Exercise requirements.
Retype, without pictures, the line holding "Patient sex: F" and each line below it through the final line.

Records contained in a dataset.
———

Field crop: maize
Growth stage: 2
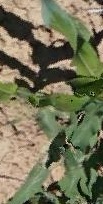
Species: maize
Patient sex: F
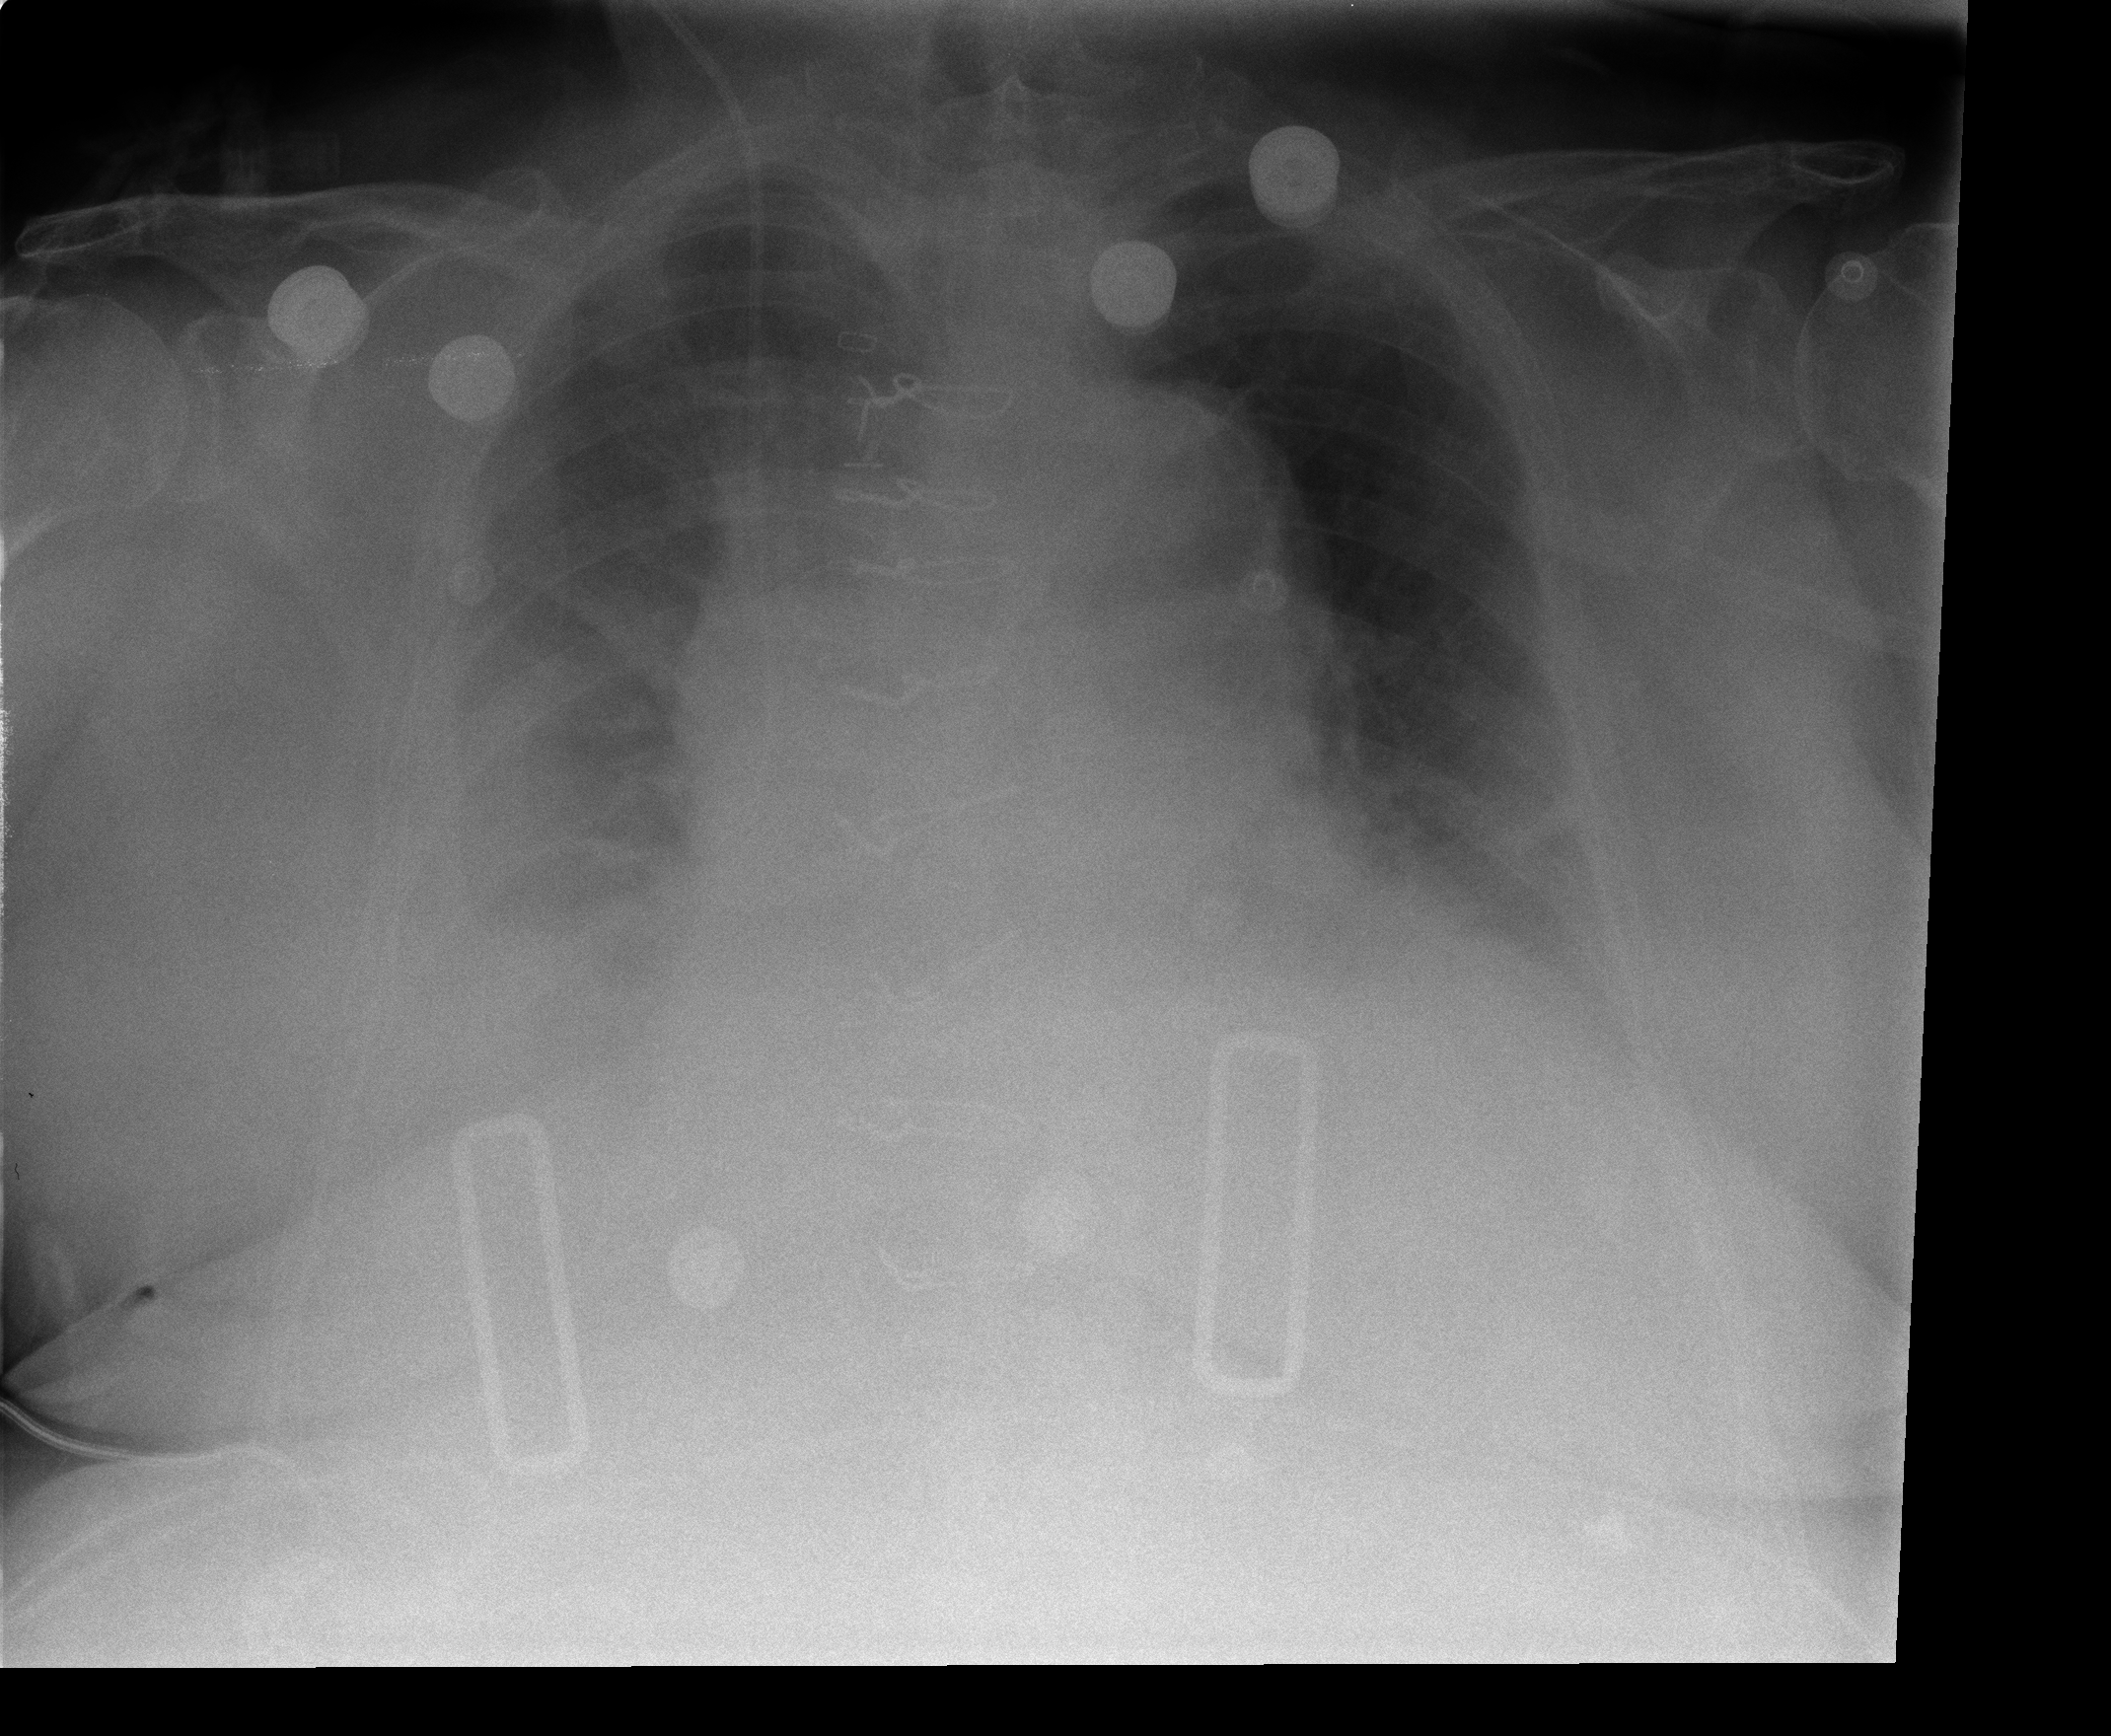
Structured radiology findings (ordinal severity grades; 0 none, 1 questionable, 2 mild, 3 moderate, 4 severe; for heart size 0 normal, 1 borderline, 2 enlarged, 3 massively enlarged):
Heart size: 3
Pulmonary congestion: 2
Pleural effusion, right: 2
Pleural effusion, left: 0
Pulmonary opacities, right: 1
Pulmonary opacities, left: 1
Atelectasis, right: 2
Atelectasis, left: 2
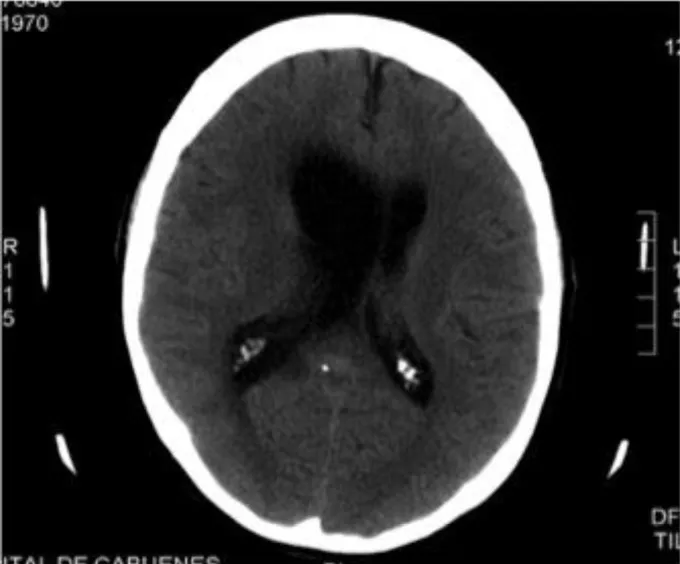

———

Your response.
Patient sex: F
Structured radiology findings (ordinal severity grades; 0 none, 1 questionable, 2 mild, 3 moderate, 4 severe; for heart size 0 normal, 1 borderline, 2 enlarged, 3 massively enlarged):
Heart size: 3
Pulmonary congestion: 2
Pleural effusion, right: 2
Pleural effusion, left: 0
Pulmonary opacities, right: 1
Pulmonary opacities, left: 1
Atelectasis, right: 2
Atelectasis, left: 2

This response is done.